12. La magie comme acte moralement illicite


      Le chrétien ne peut accepter la magie car il ne peut accepter de faire passer Dieu après de fausses croyances. Il ne peut non plus accepter de penser que sa vie est dominée par des forces occultes manipulables à volonté par des rites magiques ou que son avenir est écrit à l'avance dans les mouvements stellaires ou d'autres formes de présage. « Dieu - dit le Catéchisme de l'Église catholique - peut révéler l'avenir à ses prophètes ou à d'autres saints. Cependant, l'attitude chrétienne juste consiste à s'en remettre avec confiance entre les mains de la Providence pour ce qui concerne le futur et à abandonner toute curiosité malsaine à ce propos. L'imprévoyance peut constituer un manque de responsabilité » (CEC, n. 2115)

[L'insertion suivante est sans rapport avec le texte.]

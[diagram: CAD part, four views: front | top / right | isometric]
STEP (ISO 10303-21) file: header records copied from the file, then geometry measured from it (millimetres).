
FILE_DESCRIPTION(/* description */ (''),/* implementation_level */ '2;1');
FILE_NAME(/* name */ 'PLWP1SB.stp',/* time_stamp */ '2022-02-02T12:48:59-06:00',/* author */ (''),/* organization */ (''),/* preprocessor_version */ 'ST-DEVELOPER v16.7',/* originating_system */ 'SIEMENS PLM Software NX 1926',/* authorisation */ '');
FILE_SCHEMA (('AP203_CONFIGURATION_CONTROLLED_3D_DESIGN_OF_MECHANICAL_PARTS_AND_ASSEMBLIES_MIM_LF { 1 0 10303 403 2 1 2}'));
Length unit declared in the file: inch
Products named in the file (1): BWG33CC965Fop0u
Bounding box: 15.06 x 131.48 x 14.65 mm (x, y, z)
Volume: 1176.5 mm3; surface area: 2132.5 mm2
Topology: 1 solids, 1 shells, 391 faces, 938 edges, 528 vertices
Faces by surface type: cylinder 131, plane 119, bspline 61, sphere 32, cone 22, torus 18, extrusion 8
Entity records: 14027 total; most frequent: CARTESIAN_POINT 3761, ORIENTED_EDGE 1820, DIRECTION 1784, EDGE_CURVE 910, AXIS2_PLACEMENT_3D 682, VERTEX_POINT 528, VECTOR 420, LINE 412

      La magie « noire », plus particulièrement, représente une faute très grave pour le croyant. Cela vaut - selon une manière diverse - pour la divination et le spiritisme. « Toutes les formes de divination - explique le Catéchisme de l'Église catholique - sont à rejeter: recours à Satan ou aux démons, évocation des morts ou autres pratiques supposées à tort « dévoiler » l'avenir. La consultation des horoscopes, l'astrologie, la chiromancie, l'interprétation des présages et des sorts, les phénomènes de voyance, le recours aux médiums recèlent une volonté de puissance sur le temps, sur l'histoire et finalement sur les hommes, en même temps qu'un désir de se concilier les puissances cachées. Elles sont en contradiction avec l'honneur et le respect, mêlé de crainte aimante, que nous devons à Dieu seul » (CEC, n. 2116).

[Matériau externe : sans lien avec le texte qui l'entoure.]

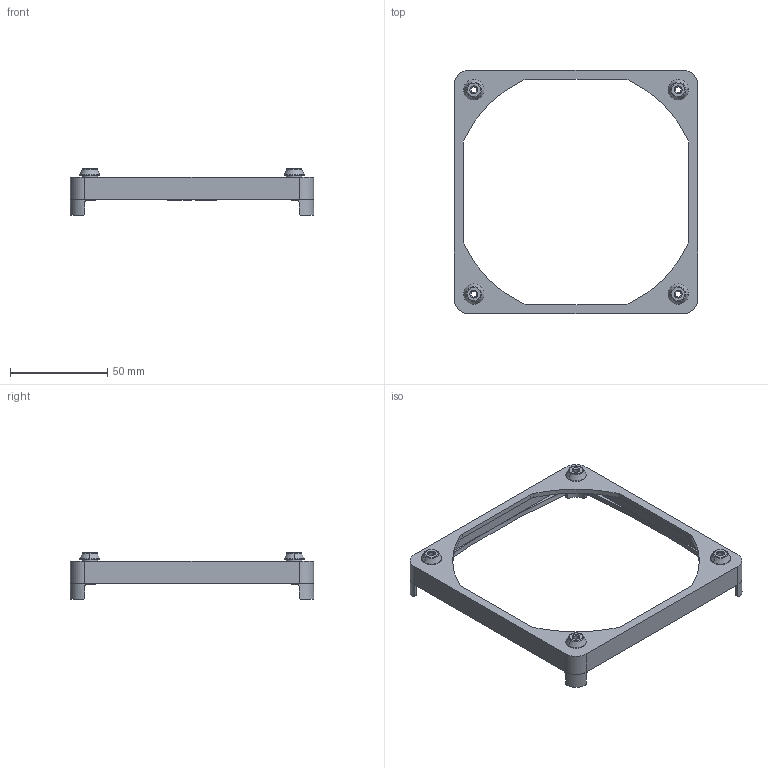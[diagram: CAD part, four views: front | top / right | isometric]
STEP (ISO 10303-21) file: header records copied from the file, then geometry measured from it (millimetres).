
FILE_DESCRIPTION((''),'2;1');
FILE_NAME('LM-119-60-10 ov.stp','2005-06-20T10:10:40',(''),(''),'Mechanical Desktop.R8.0.24.0','Mechanical Desktop.R8.0.24.0',', , ');
FILE_SCHEMA(('CONFIG_CONTROL_DESIGN'));
Length unit declared in the file: millimetre
Products named in the file (2): LM-119-60-10 OVA; LM-119-60-10 OV
Assembly tree (1 placements, depth 2):
  LM-119-60-10 OVA
    LM-119-60-10 OV
Bounding box: 125 x 125 x 24 mm (x, y, z)
Volume: 24960.3 mm3; surface area: 20938.2 mm2
Topology: 1 solids, 1 shells, 1293 faces, 3583 edges, 2353 vertices
Faces by surface type: bspline 826, plane 288, cylinder 119, torus 28, sphere 16, cone 16
Entity records: 46541 total; most frequent: CARTESIAN_POINT 18941, ORIENTED_EDGE 7134, EDGE_CURVE 3567, DIRECTION 3168, VERTEX_POINT 2353, B_SPLINE_CURVE_WITH_KNOTS 1668, VECTOR 1568, LINE 1568

      En se reconnaissant appelé par Dieu à vivre sa propre existence comme une réponse libre à son projet d'amour par l'accueil de la grâce, le baptisé refuse toute forme de pratiques magiques dans la mesure même où elles constituent une déviation de la vérité révélée, où elles sont contraires à la foi en Dieu Créateur et au culte exclusif qui lui est dû, opposées à la reconnaissance de Jésus-Christ comme unique Rédempteur de l'homme et du monde, et au don de son Esprit et, donc, sont en contradiction avec l'intégrité de la profession de la foi et dangereuses pour le salut. « Toutes les pratiques de magie et de sorcellerie, par lesquelles on prétend domestiquer les puissances occultes pour les mettre à son service et obtenir un pouvoir surnaturel sur le prochain - fût-ce pour lui procurer la santé - sont gravement contraires à la vertu de la religion. Ces pratiques sont plus condamnables encore quand elles s'accompagnent d'une intention de nuire à autrui ou qu'elles recourent à l'intervention des démons. Le port des amulettes est lui aussi répréhensible. Le spiritisme implique souvent des pratiques divinatoires ou magiques. Aussi l'Église avertit-elle les fidèles de s'en garder. Le recours aux médecines dites traditionnelles ne légitime ni l'invocation des puissances mauvaises, ni l'exploitation de la crédulité d'autrui » (S. Thomas, Somme, II-II, q. 76, a. 3).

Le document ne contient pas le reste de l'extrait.